# ECHO Winter Nat's Results & Thanks



## Piewagn (Nov 18, 2005)

Lansdale Pa. ECHO Winter Nat's

I would like to thank all who attended Saturday's ECHO Winter Nat's. Without all of you, none of it would have been possible. A great time was had by all!! We had 22 racers, from 4 states. A 178 car field, not including the car show. I would especially like to thank Scott Dunlap for all his help!! Scott did alot of running around to procure the sponsor's donations. Special thanks also goes to, Chris & Lisa Taylor, Matt Naulty, and Al Pink for doing the paper work that kept the event running smoothly. Thanks to Steve "The Hippie" Kimata for running the timing system and keeping everyone in the "groove". Many thanks go to Hank Galloway, for donating his battery setup for the day. Which, by the way, started at 25.5v, when votage was measured after a comlete day of racing, measured 25.4v. So much for all that "voltage loss"!! FULL POWER, ALL DAY!!!!!! Thanks to Alan Galinko for his generous donation of a classic Troy Mead creation, which, was raffled off to help pay the rent!! Thanks also go to all of our sponsors:
AG&G Hobby
Penn Valley Hobbies
TSS Hobbies
The Groove
The Race Place Q-Town Farmers Market
Jim's Hobbies
Jim Hivley Posters & T-Shirts (Thanks Jim!!!! Really cool stuff!! )
Yellow Jacket Performance
I hope I didn't forget anyone!!

Here are the results. I only have the 1st place numbers.

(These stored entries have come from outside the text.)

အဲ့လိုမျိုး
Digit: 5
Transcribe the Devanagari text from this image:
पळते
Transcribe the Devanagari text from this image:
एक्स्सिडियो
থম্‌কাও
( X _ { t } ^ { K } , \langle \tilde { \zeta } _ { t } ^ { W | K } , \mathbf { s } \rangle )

Can't find the second place time tickets.

Stock TJet
1st: Alan Galinko 1.353 e.t @ 14.39 mph
2nd: Jim Sgrignioli

Tjet Modified
1st: Alan Galinko .773 e.t @ 26.01 mph
2nd: Alan Galinko

AFX Stock
1st: Eric Wulfkotte .934 e.t. @ 21.92 mph
2nd: Jim Sgrignioli

4 Gear Stock
1st: Alan Galinko 1.067 e.t. @ 17.20 mph
2nd: Schmidt

4 Gear Dragster Stock
1st: Shaun Kirkpatrick 1.188 e.t. @ 17.33 mph
2nd: Nick Taylor

Stock Inline
1st: Eric Wulfkotte .756 e.t. @ 24.83 mph
2nd: Stan The Man

Outlaw TJet
1st: Dean Kirkpatrick .433 e.t. @ 21.57 mph
2nd: Jim Sgrignioli - Crashed (centerline foul). This explains Dean's e.t. & mph. ( I thought I took him out!! )

Inline Outlaw
1st: Tim Kirk .235 e.t. @ 93.87 mph. Tim Kirk popped off a .240, then a .237 and finally a .235 in 
Inline Outlaw I/O. That is a club record, the .237 backs up the .235. Also had high mph @ 97.18. Way to go Tim. Tims runs eclipsed the previous record held by Eric Wulfekotte ( .242 ). Which stood for almost 2 yrs !!!

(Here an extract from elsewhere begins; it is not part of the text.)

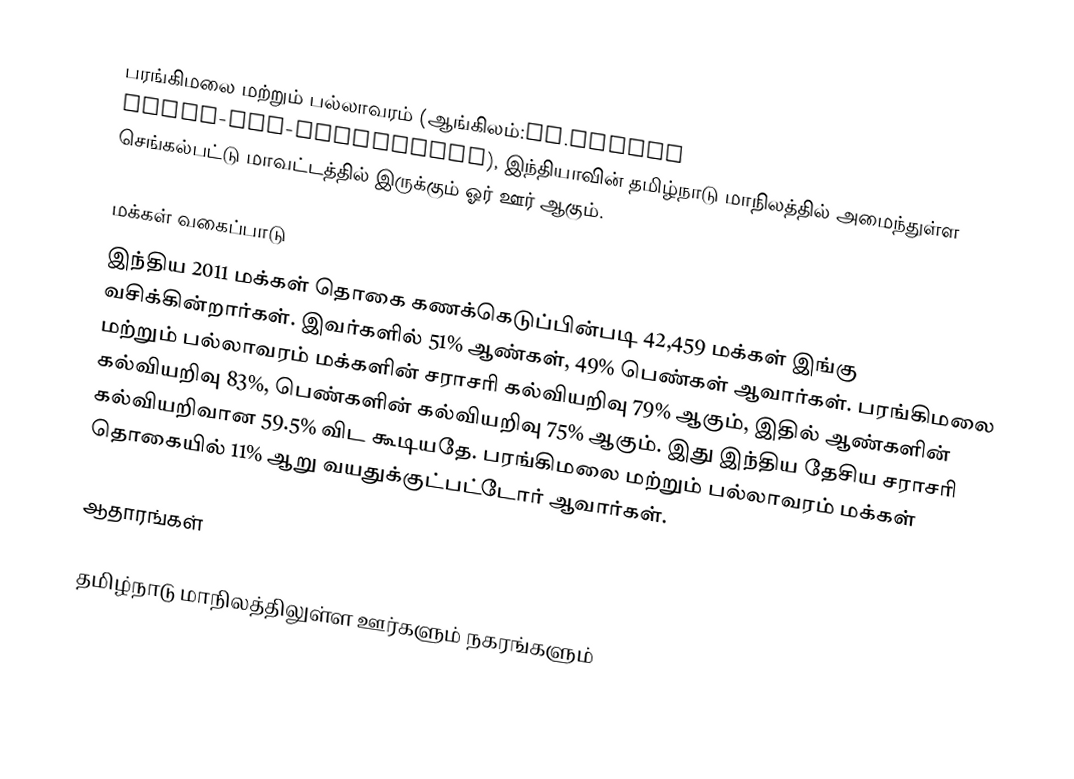
பரங்கிமலை மற்றும் பல்லாவரம் (ஆங்கிலம்:St.Thomas Mount-cum-Pallavaram), இந்தியாவின் தமிழ்நாடு மாநிலத்தில் அமைந்துள்ள செங்கல்பட்டு மாவட்டத்தில் இருக்கும் ஓர் ஊர் ஆகும்.

மக்கள் வகைப்பாடு
இந்திய 2011 மக்கள் தொகை கணக்கெடுப்பின்படி 42,459 மக்கள் இங்கு வசிக்கின்றார்கள். இவர்களில் 51% ஆண்கள், 49% பெண்கள் ஆவார்கள். பரங்கிமலை மற்றும் பல்லாவரம் மக்களின் சராசரி கல்வியறிவு 79% ஆகும்,  இதில் ஆண்களின் கல்வியறிவு 83%,  பெண்களின் கல்வியறிவு 75% ஆகும். இது இந்திய தேசிய சராசரி கல்வியறிவான 59.5% விட கூடியதே. பரங்கிமலை மற்றும் பல்லாவரம் மக்கள் தொகையில் 11%  ஆறு வயதுக்குட்பட்டோர் ஆவார்கள்.

ஆதாரங்கள்

 தமிழ்நாடு மாநிலத்திலுள்ள ஊர்களும் நகரங்களும்

2nd: Tim Kirk ( Both cars were Tim's Subaguru I, and Subaguru II )

Car Show
1st: Jim Sgrignioli's '64 altered wheelbase GTO ( Hornet) Get it.........Yellow Jacket Performance
2nd: Nick Taylor's Mercury

Once again, I can't begin to express my gratitude to all you good folks who helped make this event a TOTAL SUCCESS!!!!!!
Next ECHO event will be held in Skippack Pa. on March 4th!! More details to come!!
Hope to see you all there!!!!!!!!!!

Many Sincere Thanks,

Jim "Sgrig" Sgrignioli Yellow Jacket Performance


----------